*TASK STATEMENT:*
The answer is to be the lines below that lie between the line holding "Their left hand changes height. It goes" and the line holding "every 0.3 s.", inclusive, transcribed exactly and free of pictures.

Content starts

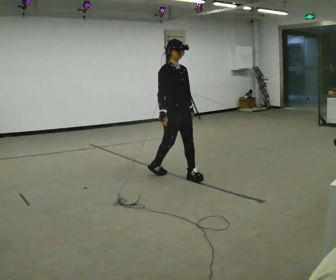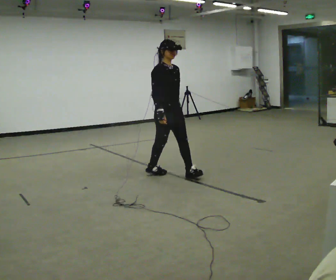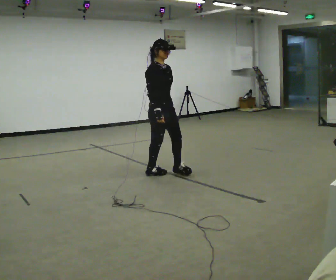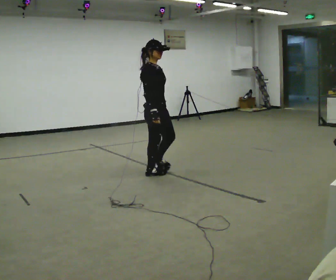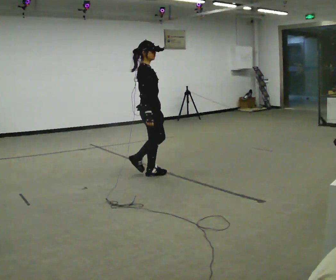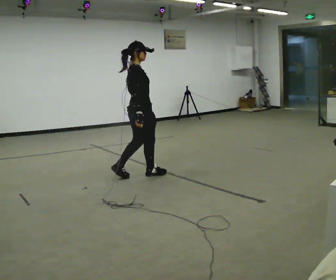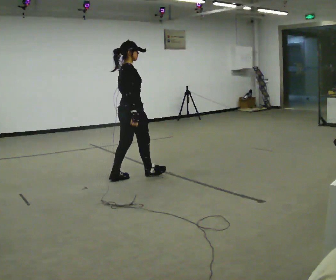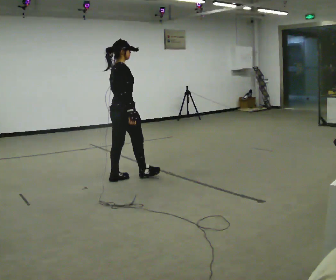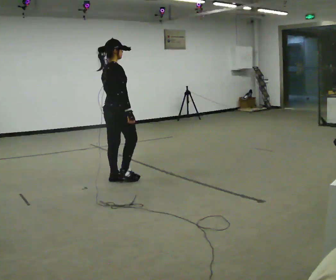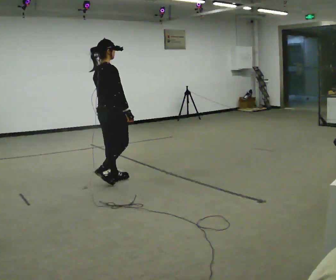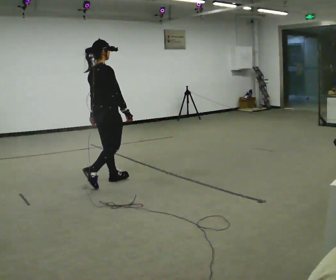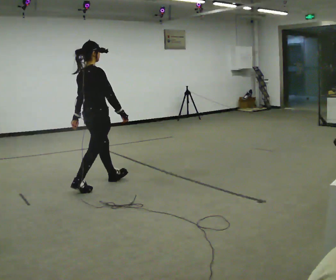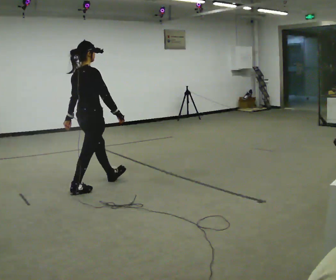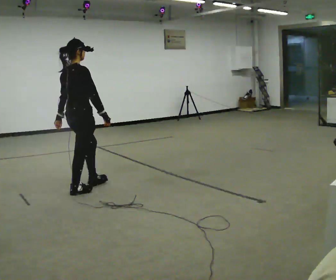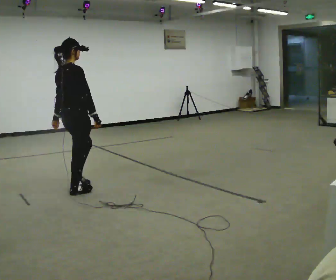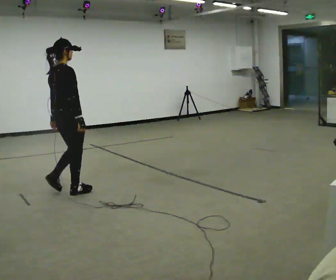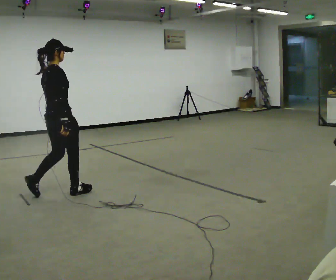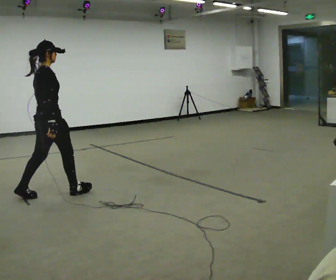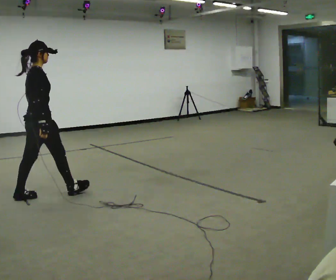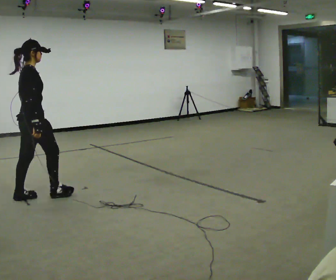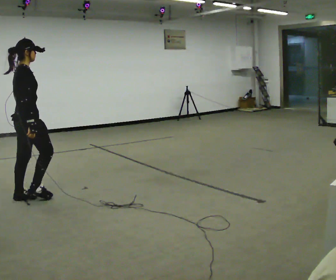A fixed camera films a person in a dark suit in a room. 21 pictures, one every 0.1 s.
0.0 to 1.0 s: Seen from above the body turns counterclockwise, about 90 degrees: to their left, with its near side sliding to the right. In the picture they go to the left, about 1 m in 2 steps.
1.0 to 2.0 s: In the picture they go to the left and toward the camera, about 1 m in 2 steps, which for them is backward.
The film runs backward here.
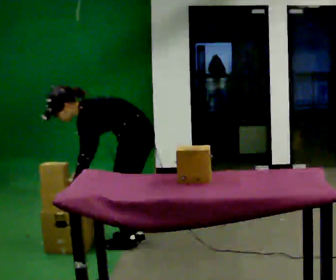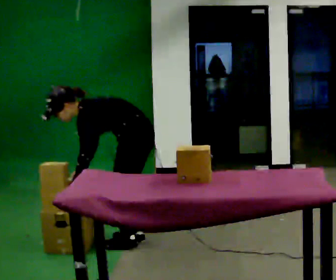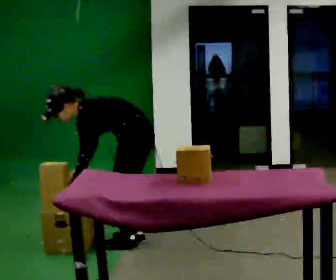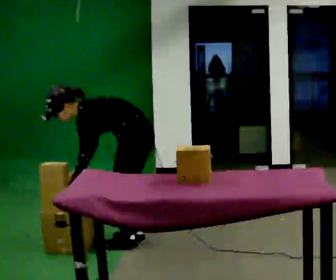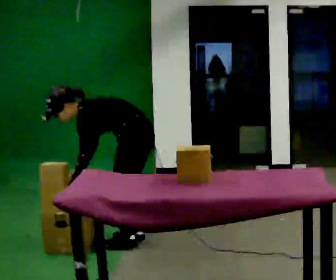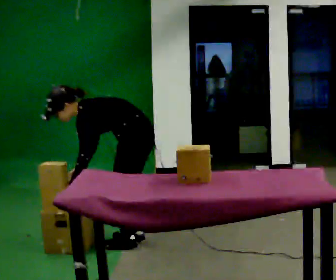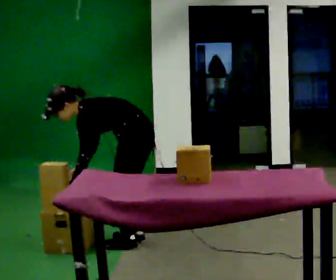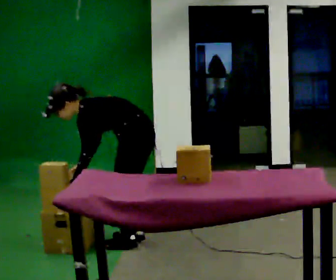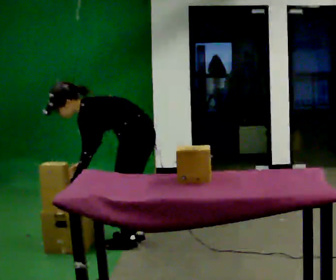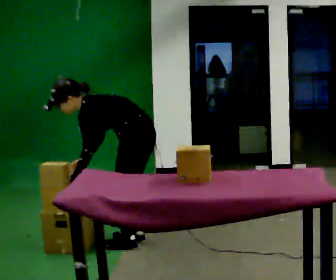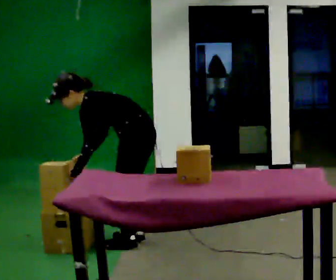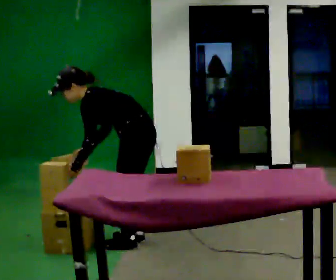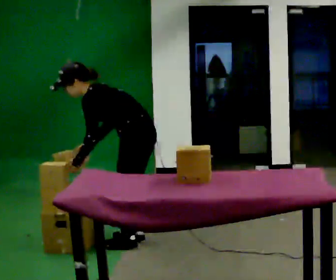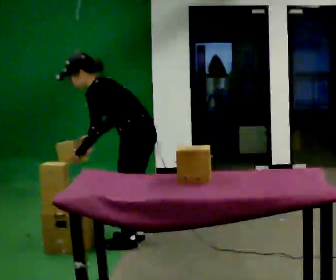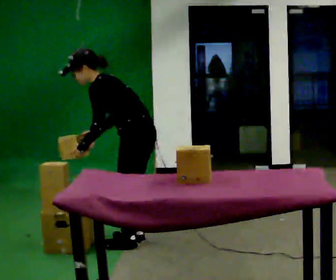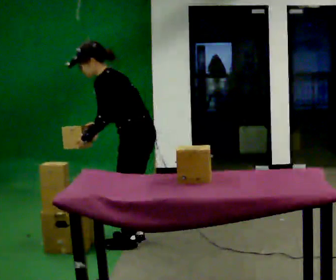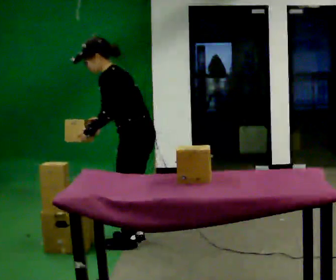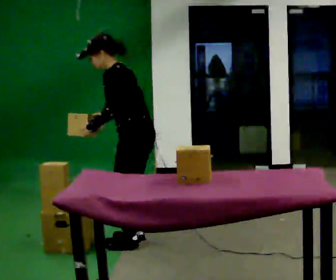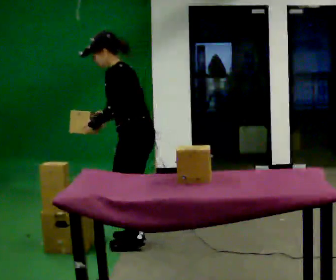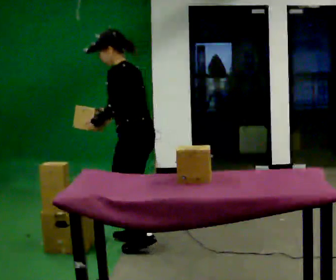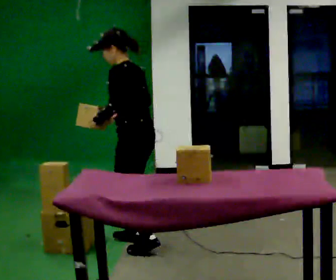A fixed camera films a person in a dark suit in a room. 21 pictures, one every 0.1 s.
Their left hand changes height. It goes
upward.
The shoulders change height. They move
upward.
0.0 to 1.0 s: The person moves a little, or ends about where they began.
1.0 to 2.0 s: The upper body goes upward. In the picture the upper body tilts clockwise, shoulders to the right, as they lean back or straighten. In the picture their left hand goes upward.
The film runs backward here.
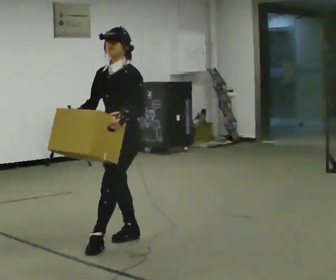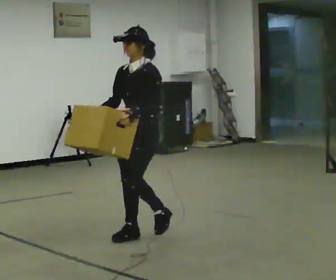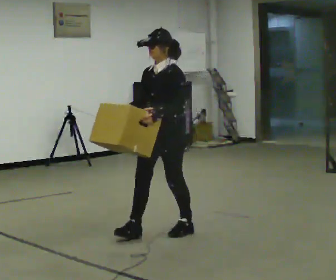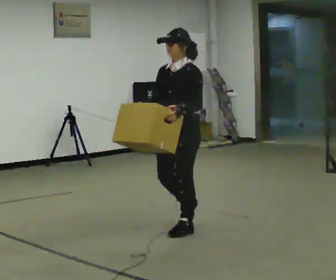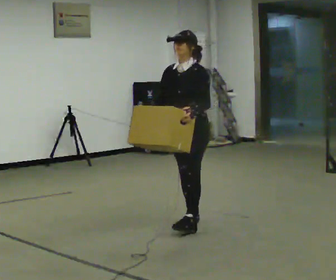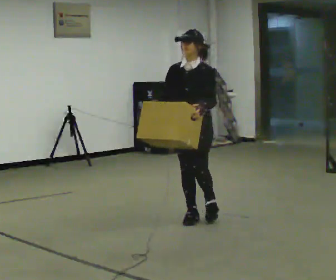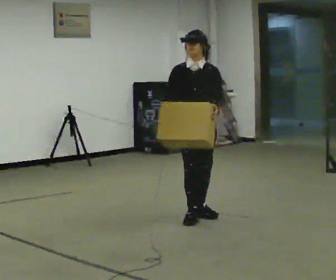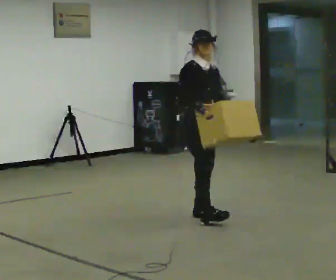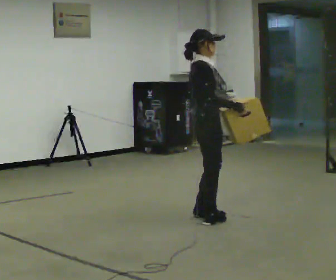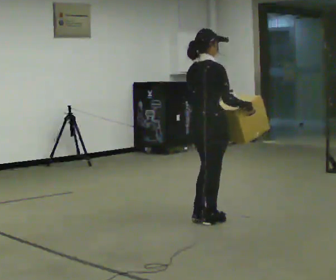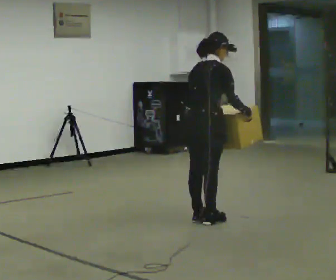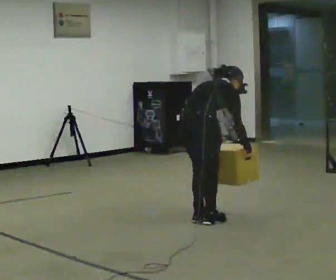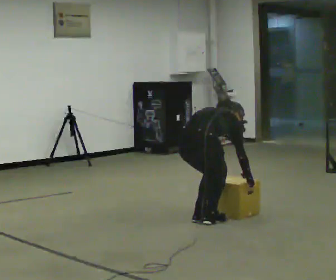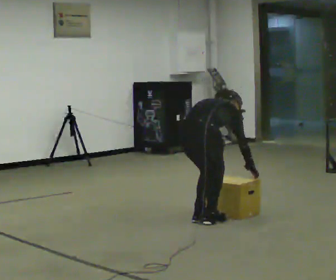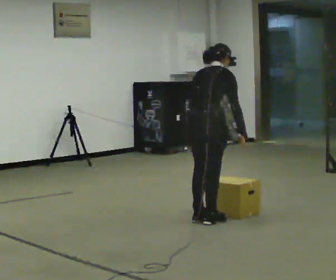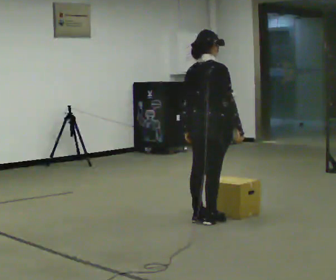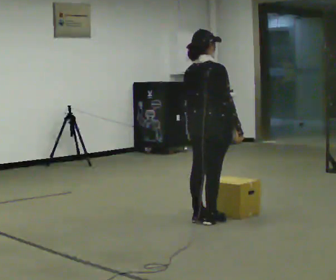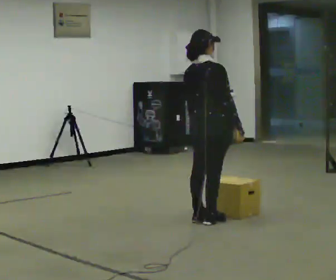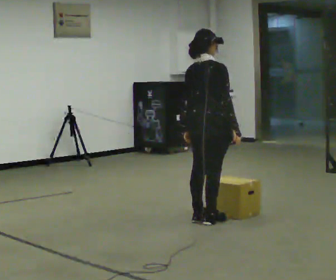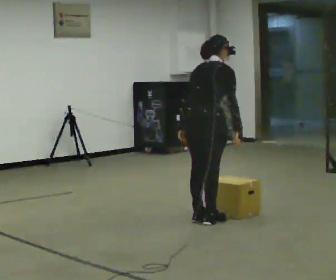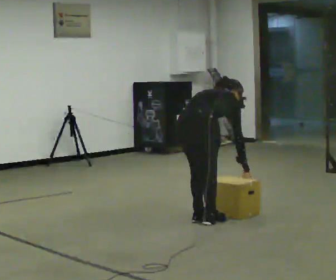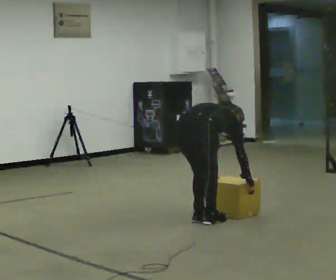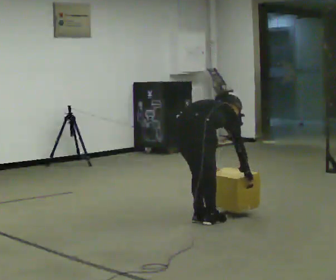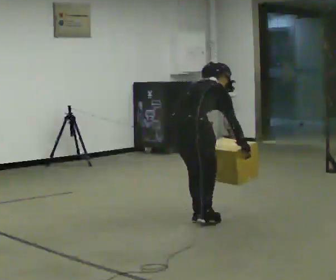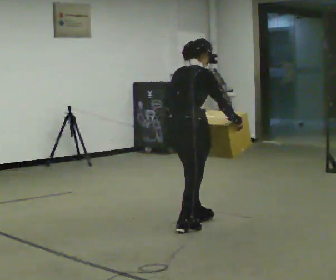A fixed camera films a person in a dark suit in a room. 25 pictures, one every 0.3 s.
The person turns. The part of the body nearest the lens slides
to the right.
The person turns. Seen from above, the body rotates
counterclockwise.
0.0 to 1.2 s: In the picture they go away from the camera and to the right, about 1 m in 3 steps, which for them is backward.
1.2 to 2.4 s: The part of the body nearest the lens slides to the right as the person turns to their left by about 120 degrees. In the picture their right hand goes to the right.
2.4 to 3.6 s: Seen from above the body turns counterclockwise, about 45 degrees: to their left, with its near side sliding to the right. The shoulders move downward. The upper body tips away from the camera, its near side rolling upward, as they bend forward. In the picture their left hand goes downward.
3.6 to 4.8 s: The shoulders move upward. The upper body tips toward the camera, its near side rolling downward, as they lean back or straighten. In the picture their right hand goes upward.
4.8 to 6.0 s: The upper body goes downward. The upper body tips away from the camera, its near side rolling upward, as they bend forward.
6.0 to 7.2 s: The person moves a little, or ends about where they began.
The film runs backward here.
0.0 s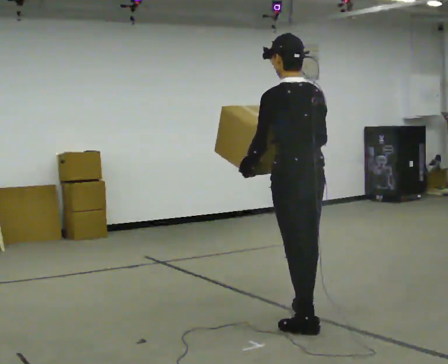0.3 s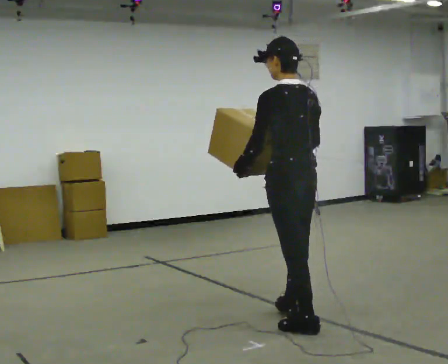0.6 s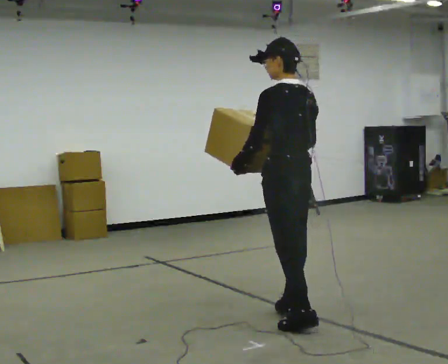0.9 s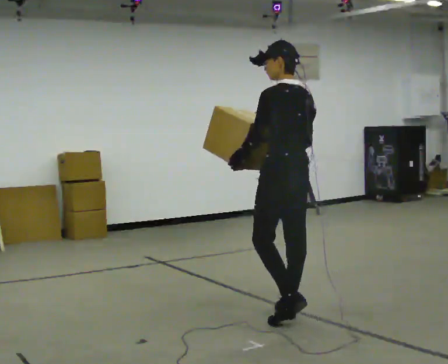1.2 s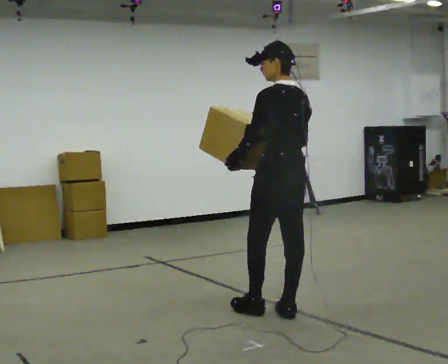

Content ends

*WRITTEN REPLY:*
Their left hand changes height. It goes
upward.
The shoulders change height. They move
upward.
0.0 to 1.0 s: The person moves a little, or ends about where they began.
1.0 to 2.0 s: The upper body goes upward. In the picture the upper body tilts clockwise, shoulders to the right, as they lean back or straighten. In the picture their left hand goes upward.
The film runs backward here.
A fixed camera films a person in a dark suit in a room. 25 pictures, one every 0.3 s.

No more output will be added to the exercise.